By adding multiple explanatory variables you want to be
able to distinguish between them. If two variables are
*perfectly* correlated, how would you be able to distinguis
between the two? This is why Stata will drop variables
when there is perfect correlation. If two variables are
strongly but not perfectly correlated, then that means that
it will be more difficult for Stata (or any other statistical
software package) to distinguish the effects of the two
variables. This leads to higher standard errors, which is
exactly as it should be: It is more difficult to distinguish
the variables, so we are more uncertain about the results,
so the standard errors should be larger. In other words
there is no problem.

> And even more complicated is that I have to include square
> terms for each of these 6 variables in the model at the
> same time to test the curvilinear relationship.

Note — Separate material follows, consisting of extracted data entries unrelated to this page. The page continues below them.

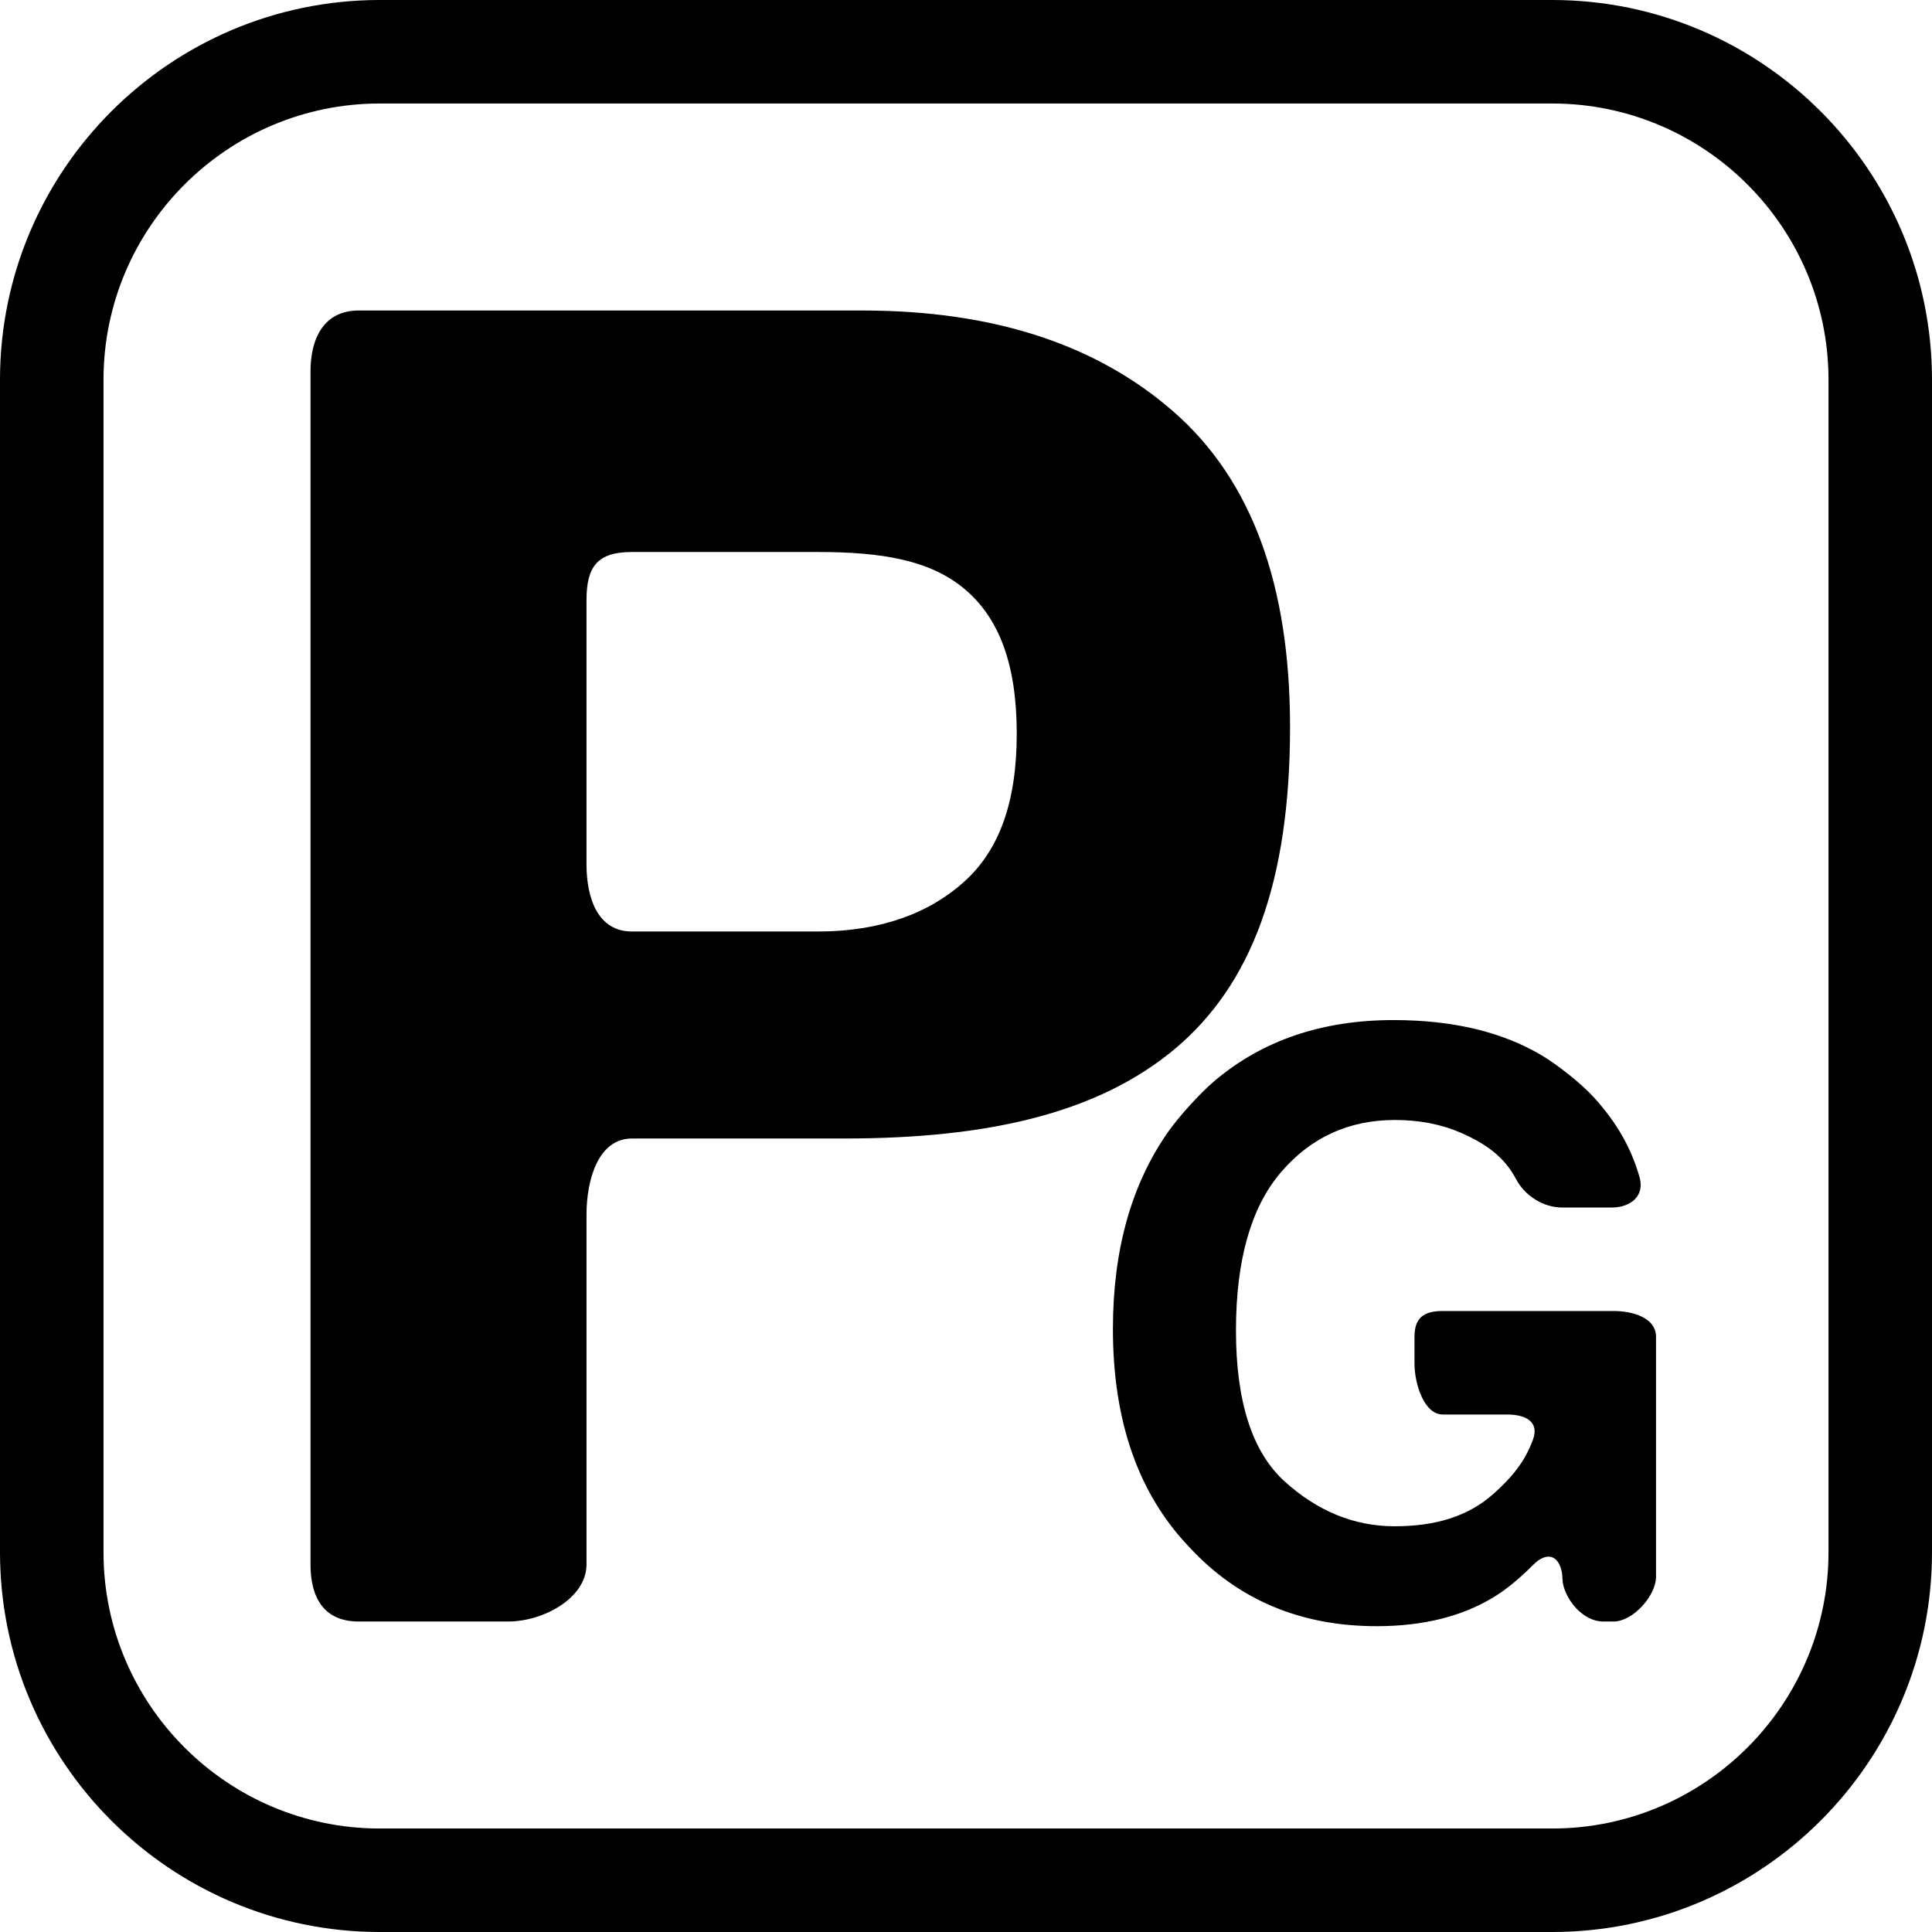 <?xml version="1.0" encoding="iso-8859-1"?>
<!-- Generator: Adobe Illustrator 16.0.0, SVG Export Plug-In . SVG Version: 6.00 Build 0)  -->
<!DOCTYPE svg PUBLIC "-//W3C//DTD SVG 1.1//EN" "http://www.w3.org/Graphics/SVG/1.1/DTD/svg11.dtd">
<svg version="1.1" id="Capa_1" xmlns="http://www.w3.org/2000/svg" xmlns:xlink="http://www.w3.org/1999/xlink" x="0px" y="0px"
	 width="291.191px" height="291.191px" viewBox="0 0 291.191 291.191" style="enable-background:new 0 0 291.191 291.191;"
	 xml:space="preserve">
<g>
	<g>
		<path d="M291.191,233.948V57.244C291.191,25.677,265.517,0,233.947,0H57.244C25.677,0,0,25.677,0,57.244v176.704
			c0,31.569,25.677,57.243,57.244,57.243h176.703C265.517,291.191,291.191,265.518,291.191,233.948z M15.6,233.948V57.244
			C15.6,34.282,34.281,15.6,57.244,15.6h176.703c22.963,0,41.645,18.682,41.645,41.645v176.704
			c0,22.962-18.682,41.645-41.645,41.645H57.244C34.281,275.593,15.6,256.91,15.6,233.948z"/>
		<path d="M194.436,109.545c0-21.449-5.829-37.229-17.519-47.459c-11.67-10.232-27.32-15.287-46.967-15.287H54.058
			c-5.137,0-7.259,4.05-7.259,9.188v179.799c0,5.144,2.123,8.607,7.259,8.607h22.577c5.144,0,11.763-3.464,11.763-8.603v-52.729
			c0-5.139,1.711-11.466,6.853-11.466h32.006c21.559,0,38.143-3.769,49.762-13.457C188.626,148.444,194.436,132.965,194.436,109.545
			z M145.372,132.845c-5.246,4.758-12.604,7.551-22.063,7.551H95.25c-5.142,0-6.853-4.997-6.853-10.141V90.452
			c0-5.141,1.711-7.254,6.853-7.254h28.059c9.46,0,16.818,1.17,22.063,5.568c5.251,4.4,7.871,11.451,7.871,21.772
			C153.253,120.856,150.623,128.087,145.372,132.845z"/>
		<path d="M235.435,237.152l0.102,1.351c0.478,2.828,3.194,5.891,6.063,5.891h1.615c2.874,0,6.378-3.859,6.378-6.733v-36.187
			c0-2.863-3.504-3.879-6.378-3.879h-25.756c-2.874,0-4.266,1.016-4.266,3.885v4.088c0,2.869,1.392,7.627,4.266,7.627h9.679
			c2.874,0,4.9,1.122,3.9,3.818c-1.26,3.402-3.22,5.697-5.886,8.089c-3.885,3.489-8.871,4.937-14.96,4.937
			c-6.2,0-11.74-2.367-16.61-6.79c-4.864-4.433-7.297-12.05-7.297-22.708c0-10.578,2.245-18.54,6.744-23.816
			c4.493-5.271,10.237-7.921,17.229-7.921c3.646,0,6.967,0.64,9.952,1.935c3.728,1.65,6.49,3.58,8.288,6.972
			c1.34,2.534,4.103,4.286,6.977,4.286h7.444c2.874,0,4.977-1.762,4.205-4.524c-1.28-4.556-3.534-8.343-6.774-11.948
			c-1.92-2.139-5.51-4.987-7.973-6.455c-6.062-3.6-13.512-5.326-22.354-5.326c-10.775,0-19.753,3.072-26.943,9.146
			c-2.193,1.854-5.342,5.327-6.997,7.673c-5.561,7.911-8.344,17.823-8.344,29.736c0,13.894,3.829,24.842,11.481,32.85
			c7.343,7.962,16.768,11.948,28.265,11.948c6.992,0,12.883-1.462,17.671-4.393c1.818-1.097,3.788-2.717,5.921-4.849
			C233.094,233.821,234.968,234.318,235.435,237.152z"/>
	</g>
</g>
<g>
</g>
<g>
</g>
<g>
</g>
<g>
</g>
<g>
</g>
<g>
</g>
<g>
</g>
<g>
</g>
<g>
</g>
<g>
</g>
<g>
</g>
<g>
</g>
<g>
</g>
<g>
</g>
<g>
</g>
</svg>

Adding square terms is a very limited way of checking for
curvilinearity. I like the linear spline (see:
- help mkspline-) as good compromise between a flexible
non-linear curve and parameters with an easy interpretation.

Others like more smooth non-linear curves like restricted
cubic splines or fractional polynomials. If you want to
interpret the results of those curves you'll have to make
graphs.

For restricted cubic splines see:
http://www.stata.com/meeting/sweden09/se09_orsini.pdf
and
http://ideas.repec.org/p/boc/dsug09/04.html

For fractional polynomials see: -help fracpoly-.

Hope this helps,
Maarten